AVAILABLE RECORDS: Begin

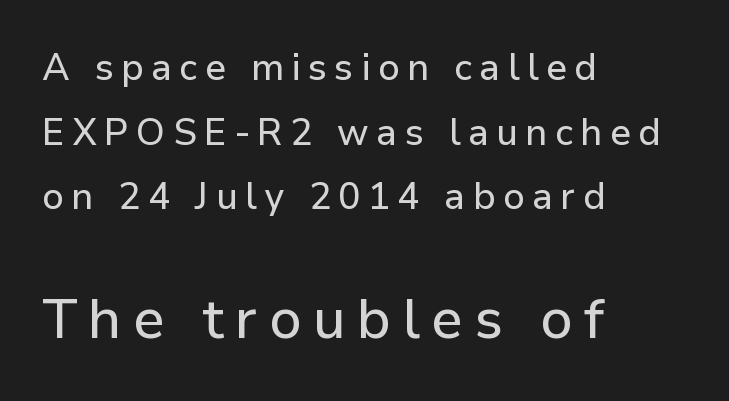
The image shows 56 px sans-serif type, upright; set left-aligned, line spacing 1.75x, unusually wide letter spacing (+0.2 em), not underlined; the second (bottom) block is 1.51x larger; low stroke contrast and a medium x-height.
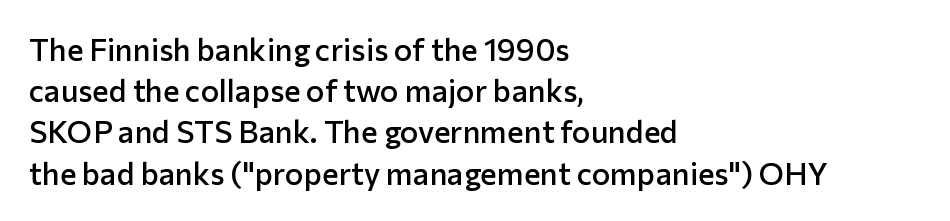
A typesetter would call this proportional, since set widths differ per character. The glyphs are unaccompanied by any horizontal stroke below them. This rendering uses left alignment, leaving the right contour irregular. This is the in-between weight designers call semibold or demi. Is there much room between lines? A standard amount, neither cramped nor airy. This sample uses an upright cut, with every glyph sitting square on the baseline.
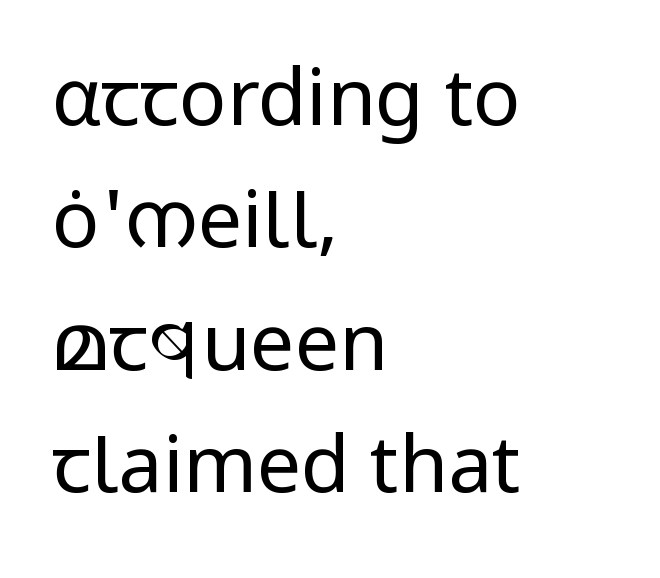
{"serif": "no", "italic": "no", "bold": "no", "weight": "regular", "width": "normal", "stroke_contrast": "low", "x_height": "medium", "monospaced": "no", "underline": "no", "align": "left", "line_spacing": "normal", "line_spacing_ratio": 1.55, "letter_spacing": "normal", "letter_spacing_em": 0.0, "glyph_px": 79}
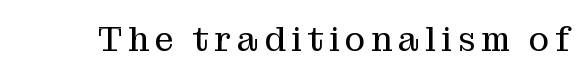
Q: Is the text bold? A: No.
Q: Is the text italic (slanted)? A: No, it is upright.
Q: Is the typeface a serif or a sans-serif typeface? A: Serif.
Q: Is the text underlined? A: No.
Q: Width (condensed, normal, or wide)? A: Normal.
Q: Stroke contrast? A: Medium.
Q: x-height? A: Medium.
Q: Monospaced? A: No.
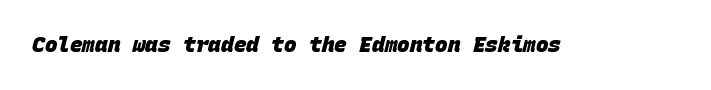
The image shows 21 px bold type; set normal letter spacing, not underlined.
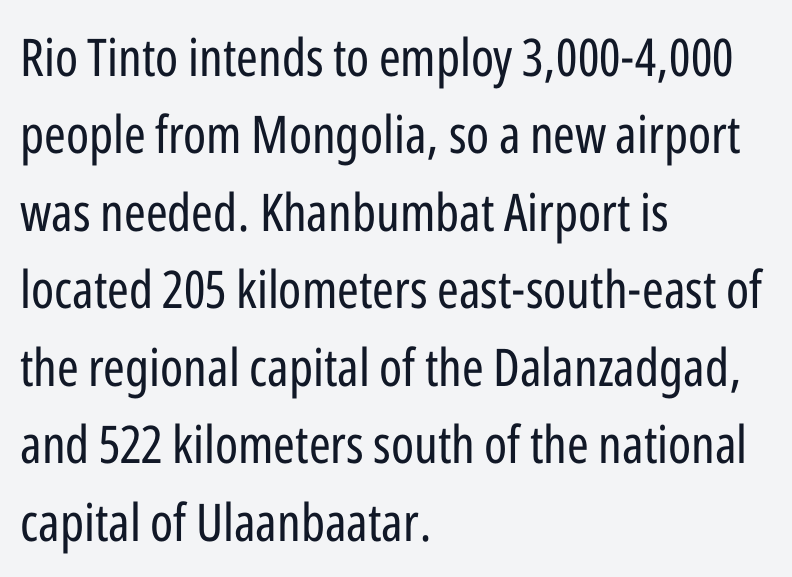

AVAILABLE RECORDS: End

TASK TO COMPLETE
Would you please return all lines of the data that include the word "text"?

TASK RESULT
Q: Is the text bold? A: No.
Q: Is the text italic (slanted)? A: No, it is upright.
Q: Is the text underlined? A: No.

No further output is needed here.